Workers at three Starbucks stores in upstate New York have filed paperwork to organize, which if successful would mark the first successful union drive in the coffee chain’s history. The group, which calls itself Starbucks Workers United, is representing about 70 employees in the Buffalo region. The group is asking the National Labor Relations Board to consider its unionization push and hopes to join an affiliate of the Service Employees International Union.
The unionization effort began last month when Starbucks Workers United sent a letter to CEO Kevin Johnson notifying him that it had formed an organizing committee. Workers at the stores in New York say they want a seat at the bargaining table and have complained of a lack of training, pay, understaffing, and stressful working conditions as factors in organizing the push.
“We are forming a union to bring out the best in all of us. … Many of us have invested years of our lives in Starbucks, while others have recently become partners. We all have one thing in common —we want the company to succeed and we want our work lives to be the best they can be,” the letter read.
Starbucks is pushing back on the effort during a hearing with the NLRB this week. The coffee giant, which has more than 30,000 locations, is arguing that the small group of stores shouldn’t have the right to organize without other stores in the region.
Starbucks attorney Alan Model told the board that because of similarities between the locations in the Buffalo market, all 20 stores should be included in any unionization vote. That complicates things for Starbucks Workers United, which would have to get majority support for the drive from scores of more workers if Starbucks succeeds in its efforts.
Employees at the stores involved hope to use the tight labor market, which is experiencing shortages of workers, as leverage against the company. Across the United States, employers have had to raise wages, offer better benefits, and even provide signing bonuses to attract workers. The phenomenon came as the U.S. emerged from the coronavirus pandemic, and economists are split on the reasons behind it.
Because Starbucks can’t afford to lose workers, the employees at the Buffalo stores feel as though they are not as expendable as before and are seeking to use that position to their advantage.
“Starbucks likes to say they don’t consider us employees, they consider us ‘partners,’ but we have no power in that partnership,” said Jaz Brisack, who works in one of the involved stores. “But if we can build actual worker power for baristas, then we can change not just Starbucks and make it the best it can be, but help make the whole services industry better.”
Starbucks has faced employees attempting to unionize in the past.
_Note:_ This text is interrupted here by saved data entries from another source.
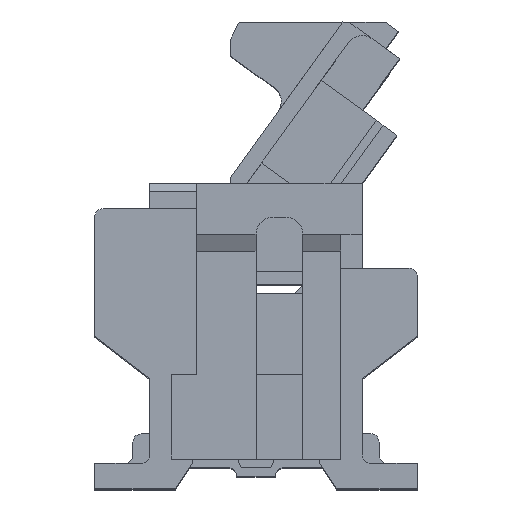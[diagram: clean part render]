
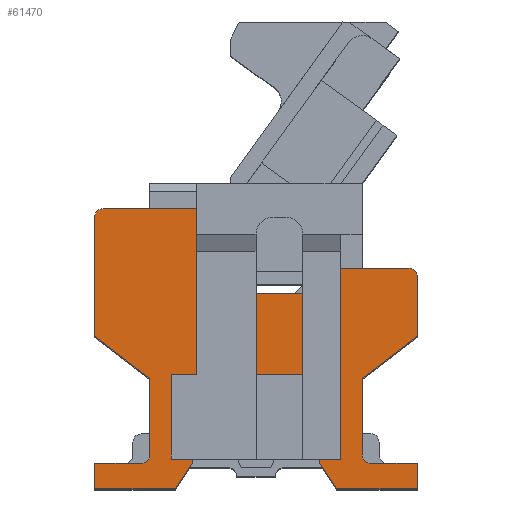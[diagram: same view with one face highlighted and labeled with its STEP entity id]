
A CAD part, top view. The second image highlights one B-rep face of the part: STEP entity #61470.
In plain terms, the highlighted planar face has unit normal (0, 0, 1).
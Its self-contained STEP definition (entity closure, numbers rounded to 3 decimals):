
#13840=CARTESIAN_POINT('',(-0.25,-0.3,3.99));
#13850=VERTEX_POINT('',#13840);
#13880=CARTESIAN_POINT('',(-0.25,-0.3,3.99));
#13890=DIRECTION('',(0.,1.,0.));
#13900=VECTOR('',#13890,1.);
#13910=LINE('',#13880,#13900);
#13920=CARTESIAN_POINT('',(-0.25,-0.35,3.99));
#13930=VERTEX_POINT('',#13920);
#13940=EDGE_CURVE('',#13930,#13850,#13910,.T.);
#16660=CARTESIAN_POINT('',(-0.3,1.65,3.99));
#16670=VERTEX_POINT('',#16660);
#16700=CARTESIAN_POINT('',(-0.3,1.65,3.99));
#16710=DIRECTION('',(-1.,0.,0.));
#16720=VECTOR('',#16710,1.);
#16730=LINE('',#16700,#16720);
#16740=CARTESIAN_POINT('',(-1.35,1.65,3.99));
#16750=VERTEX_POINT('',#16740);
#16760=EDGE_CURVE('',#16670,#16750,#16730,.T.);
#19640=CARTESIAN_POINT('',(-2.,0.7,3.99));
#19650=VERTEX_POINT('',#19640);
#19680=CARTESIAN_POINT('',(-1.634,0.7,3.99));
#19690=DIRECTION('',(1.,0.,0.));
#19700=VECTOR('',#19690,1.);
#19710=LINE('',#19680,#19700);
#19720=CARTESIAN_POINT('',(0.,0.7,3.99));
#19730=VERTEX_POINT('',#19720);
#19740=EDGE_CURVE('',#19650,#19730,#19710,.T.);
#26050=CARTESIAN_POINT('',(0.,0.354,3.99));
#26060=DIRECTION('',(0.,-1.,0.));
#26070=VECTOR('',#26060,1.);
#26080=LINE('',#26050,#26070);
#26090=CARTESIAN_POINT('',(0.,-0.3,3.99));
#26100=VERTEX_POINT('',#26090);
#26110=EDGE_CURVE('',#19730,#26100,#26080,.T.);
#31170=CARTESIAN_POINT('',(-1.35,1.75,3.99));
#31180=DIRECTION('',(0.,0.,-1.));
#31190=DIRECTION('',(-1.,0.,0.));
#31200=AXIS2_PLACEMENT_3D('',#31170,#31180,#31190);
#31210=CIRCLE('',#31200,0.1);
#31220=CARTESIAN_POINT('',(-1.45,1.75,3.99));
#31230=VERTEX_POINT('',#31220);
#31240=EDGE_CURVE('',#16750,#31230,#31210,.T.);
#33950=CARTESIAN_POINT('',(-2.,-0.3,3.99));
#33960=VERTEX_POINT('',#33950);
#33990=CARTESIAN_POINT('',(-2.,0.354,3.99));
#34000=DIRECTION('',(0.,1.,0.));
#34010=VECTOR('',#34000,1.);
#34020=LINE('',#33990,#34010);
#34030=EDGE_CURVE('',#33960,#19650,#34020,.T.);
#37510=CARTESIAN_POINT('',(-2.8,2.55,3.99));
#37520=DIRECTION('',(0.,0.,-1.));
#37530=DIRECTION('',(-1.,0.,0.));
#37540=AXIS2_PLACEMENT_3D('',#37510,#37520,#37530);
#37550=CIRCLE('',#37540,0.1);
#37560=CARTESIAN_POINT('',(-2.9,2.55,3.99));
#37570=VERTEX_POINT('',#37560);
#37580=CARTESIAN_POINT('',(-2.8,2.65,3.99));
#37590=VERTEX_POINT('',#37580);
#37600=EDGE_CURVE('',#37570,#37590,#37550,.T.);
#51580=CARTESIAN_POINT('',(-1.75,-0.3,3.99));
#51590=VERTEX_POINT('',#51580);
#51620=CARTESIAN_POINT('',(-1.634,-0.3,3.99));
#51630=DIRECTION('',(1.,0.,0.));
#51640=VECTOR('',#51630,1.);
#51650=LINE('',#51620,#51640);
#51660=EDGE_CURVE('',#33960,#51590,#51650,.T.);
#51750=EDGE_CURVE('',#13850,#26100,#51650,.T.);
#54060=CARTESIAN_POINT('',(-2.25,0.65,3.99));
#54070=DIRECTION('',(-0.793,0.61,0.));
#54080=VECTOR('',#54070,1.);
#54090=LINE('',#54060,#54080);
#54100=CARTESIAN_POINT('',(-2.25,0.65,3.99));
#54110=VERTEX_POINT('',#54100);
#54120=CARTESIAN_POINT('',(-2.9,1.15,3.99));
#54130=VERTEX_POINT('',#54120);
#54140=EDGE_CURVE('',#54110,#54130,#54090,.T.);
#54580=CARTESIAN_POINT('',(-1.75,-0.35,3.99));
#54590=VERTEX_POINT('',#54580);
#54620=CARTESIAN_POINT('',(-1.75,-0.3,3.99));
#54630=DIRECTION('',(0.,1.,0.));
#54640=VECTOR('',#54630,1.);
#54650=LINE('',#54620,#54640);
#54660=EDGE_CURVE('',#54590,#51590,#54650,.T.);
#54810=CARTESIAN_POINT('',(-2.9,-0.65,3.99));
#54820=VERTEX_POINT('',#54810);
#54870=CARTESIAN_POINT('',(-0.3,-0.65,3.99));
#54880=DIRECTION('',(-1.,0.,0.));
#54890=VECTOR('',#54880,1.);
#54900=LINE('',#54870,#54890);
#54910=CARTESIAN_POINT('',(-1.95,-0.65,3.99));
#54920=VERTEX_POINT('',#54910);
#54930=EDGE_CURVE('',#54920,#54820,#54900,.T.);
#55440=CARTESIAN_POINT('',(-0.3,1.95,3.99));
#55450=DIRECTION('',(-1.,0.,0.));
#55460=VECTOR('',#55450,1.);
#55470=LINE('',#55440,#55460);
#55480=CARTESIAN_POINT('',(0.8,1.95,3.99));
#55490=VERTEX_POINT('',#55480);
#55500=CARTESIAN_POINT('',(-0.1,1.95,3.99));
#55510=VERTEX_POINT('',#55500);
#55520=EDGE_CURVE('',#55490,#55510,#55470,.T.);
#55950=CARTESIAN_POINT('',(-1.45,2.65,3.99));
#55960=VERTEX_POINT('',#55950);
#55990=CARTESIAN_POINT('',(-0.3,2.65,3.99));
#56000=DIRECTION('',(-1.,0.,0.));
#56010=VECTOR('',#56000,1.);
#56020=LINE('',#55990,#56010);
#56030=EDGE_CURVE('',#55960,#37590,#56020,.T.);
#56840=CARTESIAN_POINT('',(-2.35,-0.35,3.99));
#56850=VERTEX_POINT('',#56840);
#56880=CARTESIAN_POINT('',(-0.3,-0.35,3.99));
#56890=DIRECTION('',(-1.,0.,0.));
#56900=VECTOR('',#56890,1.);
#56910=LINE('',#56880,#56900);
#56920=CARTESIAN_POINT('',(-2.9,-0.35,3.99));
#56930=VERTEX_POINT('',#56920);
#56940=EDGE_CURVE('',#56850,#56930,#56910,.T.);
#57200=CARTESIAN_POINT('',(-0.1,1.85,3.99));
#57210=DIRECTION('',(0.,0.,-1.));
#57220=DIRECTION('',(-1.,0.,0.));
#57230=AXIS2_PLACEMENT_3D('',#57200,#57210,#57220);
#57240=CIRCLE('',#57230,0.1);
#57250=CARTESIAN_POINT('',(-0.2,1.85,3.99));
#57260=VERTEX_POINT('',#57250);
#57270=EDGE_CURVE('',#57260,#55510,#57240,.T.);
#58030=CARTESIAN_POINT('',(-2.9,-0.3,3.99));
#58040=DIRECTION('',(0.,1.,0.));
#58050=VECTOR('',#58040,1.);
#58060=LINE('',#58030,#58050);
#58070=EDGE_CURVE('',#54820,#56930,#58060,.T.);
#58290=CARTESIAN_POINT('',(0.9,-0.35,3.99));
#58300=VERTEX_POINT('',#58290);
#58330=CARTESIAN_POINT('',(-1.7,-0.35,3.99));
#58340=DIRECTION('',(1.,0.,0.));
#58350=VECTOR('',#58340,1.);
#58360=LINE('',#58330,#58350);
#58370=CARTESIAN_POINT('',(0.35,-0.35,3.99));
#58380=VERTEX_POINT('',#58370);
#58390=EDGE_CURVE('',#58380,#58300,#58360,.T.);
#58550=CARTESIAN_POINT('',(0.9,-0.3,3.99));
#58560=DIRECTION('',(0.,1.,0.));
#58570=VECTOR('',#58560,1.);
#58580=LINE('',#58550,#58570);
#58590=CARTESIAN_POINT('',(0.9,1.15,3.99));
#58600=VERTEX_POINT('',#58590);
#58610=CARTESIAN_POINT('',(0.9,1.85,3.99));
#58620=VERTEX_POINT('',#58610);
#58630=EDGE_CURVE('',#58600,#58620,#58580,.T.);
#59160=CARTESIAN_POINT('',(0.8,1.85,3.99));
#59170=DIRECTION('',(0.,0.,-1.));
#59180=DIRECTION('',(-1.,0.,0.));
#59190=AXIS2_PLACEMENT_3D('',#59160,#59170,#59180);
#59200=CIRCLE('',#59190,0.1);
#59210=EDGE_CURVE('',#55490,#58620,#59200,.T.);
#59320=CARTESIAN_POINT('',(0.25,0.65,3.99));
#59330=DIRECTION('',(0.793,0.61,0.));
#59340=VECTOR('',#59330,1.);
#59350=LINE('',#59320,#59340);
#59360=CARTESIAN_POINT('',(0.25,0.65,3.99));
#59370=VERTEX_POINT('',#59360);
#59380=EDGE_CURVE('',#59370,#58600,#59350,.T.);
#59570=CARTESIAN_POINT('',(-0.05,-0.65,3.99));
#59580=DIRECTION('',(-0.555,0.832,0.));
#59590=VECTOR('',#59580,1.);
#59600=LINE('',#59570,#59590);
#59610=CARTESIAN_POINT('',(-0.05,-0.65,3.99));
#59620=VERTEX_POINT('',#59610);
#59630=EDGE_CURVE('',#59620,#13930,#59600,.T.);
#59820=CARTESIAN_POINT('',(-1.45,-0.3,3.99));
#59830=DIRECTION('',(0.,1.,0.));
#59840=VECTOR('',#59830,1.);
#59850=LINE('',#59820,#59840);
#59860=EDGE_CURVE('',#31230,#55960,#59850,.T.);
#59990=CARTESIAN_POINT('',(-0.2,-0.3,3.99));
#60000=DIRECTION('',(0.,1.,0.));
#60010=VECTOR('',#60000,1.);
#60020=LINE('',#59990,#60010);
#60030=CARTESIAN_POINT('',(-0.2,1.75,3.99));
#60040=VERTEX_POINT('',#60030);
#60050=EDGE_CURVE('',#60040,#57260,#60020,.T.);
#60210=CARTESIAN_POINT('',(-0.3,1.75,3.99));
#60220=DIRECTION('',(0.,0.,-1.));
#60230=DIRECTION('',(-1.,0.,0.));
#60240=AXIS2_PLACEMENT_3D('',#60210,#60220,#60230);
#60250=CIRCLE('',#60240,0.1);
#60260=EDGE_CURVE('',#60040,#16670,#60250,.T.);
#60520=CARTESIAN_POINT('',(-2.25,-0.25,3.99));
#60530=VERTEX_POINT('',#60520);
#60560=CARTESIAN_POINT('',(-2.35,-0.25,3.99));
#60570=DIRECTION('',(0.,0.,-1.));
#60580=DIRECTION('',(-1.,0.,0.));
#60590=AXIS2_PLACEMENT_3D('',#60560,#60570,#60580);
#60600=CIRCLE('',#60590,0.1);
#60610=EDGE_CURVE('',#60530,#56850,#60600,.T.);
#60670=CARTESIAN_POINT('',(0.151,1.185,3.99));
#60680=DIRECTION('',(0.,0.,1.));
#60690=DIRECTION('',(1.,0.,0.));
#60700=AXIS2_PLACEMENT_3D('',#60670,#60680,#60690);
#60710=PLANE('',#60700);
#60720=CARTESIAN_POINT('',(-2.9,-0.3,3.99));
#60730=DIRECTION('',(0.,1.,0.));
#60740=VECTOR('',#60730,1.);
#60750=LINE('',#60720,#60740);
#60760=EDGE_CURVE('',#54130,#37570,#60750,.T.);
#60770=ORIENTED_EDGE('',*,*,#60760,.F.);
#60780=ORIENTED_EDGE('',*,*,#37600,.F.);
#60790=ORIENTED_EDGE('',*,*,#56030,.T.);
#60800=ORIENTED_EDGE('',*,*,#59860,.T.);
#60810=ORIENTED_EDGE('',*,*,#31240,.T.);
#60820=ORIENTED_EDGE('',*,*,#16760,.T.);
#60830=ORIENTED_EDGE('',*,*,#60260,.T.);
#60840=ORIENTED_EDGE('',*,*,#60050,.F.);
#60850=ORIENTED_EDGE('',*,*,#57270,.F.);
#60860=ORIENTED_EDGE('',*,*,#55520,.T.);
#60870=ORIENTED_EDGE('',*,*,#59210,.F.);
#60880=ORIENTED_EDGE('',*,*,#58630,.T.);
#60890=ORIENTED_EDGE('',*,*,#59380,.T.);
#60900=CARTESIAN_POINT('',(0.25,-0.3,3.99));
#60910=DIRECTION('',(0.,1.,0.));
#60920=VECTOR('',#60910,1.);
#60930=LINE('',#60900,#60920);
#60940=CARTESIAN_POINT('',(0.25,-0.25,3.99));
#60950=VERTEX_POINT('',#60940);
#60960=EDGE_CURVE('',#60950,#59370,#60930,.T.);
#60970=ORIENTED_EDGE('',*,*,#60960,.T.);
#60980=CARTESIAN_POINT('',(0.35,-0.25,3.99));
#60990=DIRECTION('',(0.,0.,1.));
#61000=DIRECTION('',(1.,0.,0.));
#61010=AXIS2_PLACEMENT_3D('',#60980,#60990,#61000);
#61020=CIRCLE('',#61010,0.1);
#61030=EDGE_CURVE('',#60950,#58380,#61020,.T.);
#61040=ORIENTED_EDGE('',*,*,#61030,.F.);
#61050=ORIENTED_EDGE('',*,*,#58390,.F.);
#61060=CARTESIAN_POINT('',(0.9,-0.3,3.99));
#61070=DIRECTION('',(0.,1.,0.));
#61080=VECTOR('',#61070,1.);
#61090=LINE('',#61060,#61080);
#61100=CARTESIAN_POINT('',(0.9,-0.65,3.99));
#61110=VERTEX_POINT('',#61100);
#61120=EDGE_CURVE('',#61110,#58300,#61090,.T.);
#61130=ORIENTED_EDGE('',*,*,#61120,.T.);
#61140=CARTESIAN_POINT('',(-1.7,-0.65,3.99));
#61150=DIRECTION('',(1.,0.,0.));
#61160=VECTOR('',#61150,1.);
#61170=LINE('',#61140,#61160);
#61180=EDGE_CURVE('',#59620,#61110,#61170,.T.);
#61190=ORIENTED_EDGE('',*,*,#61180,.T.);
#61200=ORIENTED_EDGE('',*,*,#59630,.F.);
#61210=ORIENTED_EDGE('',*,*,#13940,.F.);
#61220=ORIENTED_EDGE('',*,*,#51750,.F.);
#61230=ORIENTED_EDGE('',*,*,#26110,.T.);
#61240=ORIENTED_EDGE('',*,*,#19740,.T.);
#61250=ORIENTED_EDGE('',*,*,#34030,.T.);
#61260=ORIENTED_EDGE('',*,*,#51660,.F.);
#61270=ORIENTED_EDGE('',*,*,#54660,.T.);
#61280=CARTESIAN_POINT('',(-1.95,-0.65,3.99));
#61290=DIRECTION('',(0.555,0.832,0.));
#61300=VECTOR('',#61290,1.);
#61310=LINE('',#61280,#61300);
#61320=EDGE_CURVE('',#54920,#54590,#61310,.T.);
#61330=ORIENTED_EDGE('',*,*,#61320,.T.);
#61340=ORIENTED_EDGE('',*,*,#54930,.F.);
#61350=ORIENTED_EDGE('',*,*,#58070,.F.);
#61360=ORIENTED_EDGE('',*,*,#56940,.T.);
#61370=ORIENTED_EDGE('',*,*,#60610,.T.);
#61380=CARTESIAN_POINT('',(-2.25,-0.3,3.99));
#61390=DIRECTION('',(0.,1.,0.));
#61400=VECTOR('',#61390,1.);
#61410=LINE('',#61380,#61400);
#61420=EDGE_CURVE('',#60530,#54110,#61410,.T.);
#61430=ORIENTED_EDGE('',*,*,#61420,.F.);
#61440=ORIENTED_EDGE('',*,*,#54140,.F.);
#61450=EDGE_LOOP('',(#61440,#61430,#61370,#61360,#61350,#61340,#61330,
#61270,#61260,#61250,#61240,#61230,#61220,#61210,#61200,#61190,#61130,
#61050,#61040,#60970,#60890,#60880,#60870,#60860,#60850,#60840,#60830,
#60820,#60810,#60800,#60790,#60780,#60770));
#61460=FACE_OUTER_BOUND('',#61450,.T.);
#61470=ADVANCED_FACE('',(#61460),#60710,.T.);

In 2004, another effort in New York failed after Starbucks challenged the move before the NLRB. It is still to be seen if Starbucks Workers United will succeed, and no date for a vote has been scheduled.
The Washington Examiner reached out to Starbucks for comment on the labor drive but didn’t immediately receive a response.
The effort comes after a spate of other unionization drives amid the pandemic. Perhaps the most high-profile attempt to organize was at an Amazon fulfillment center in Bessemer, Alabama. The 6,000-employee warehouse drew national headlines for its effort, which attracted the support of heavy hitters such as Sens. Marco Rubio of Florida, a Republican, and Bernie Sanders of Vermont, an independent socialist.
Amazon hit back hard, holding meetings to discourage workers, plastering the walls of the facility with anti-union flyers, and inundating workers with calls and text messages. The Amazon employees’ attempt to join the Retail, Wholesale, and Department Store Union failed after a seven-week vote.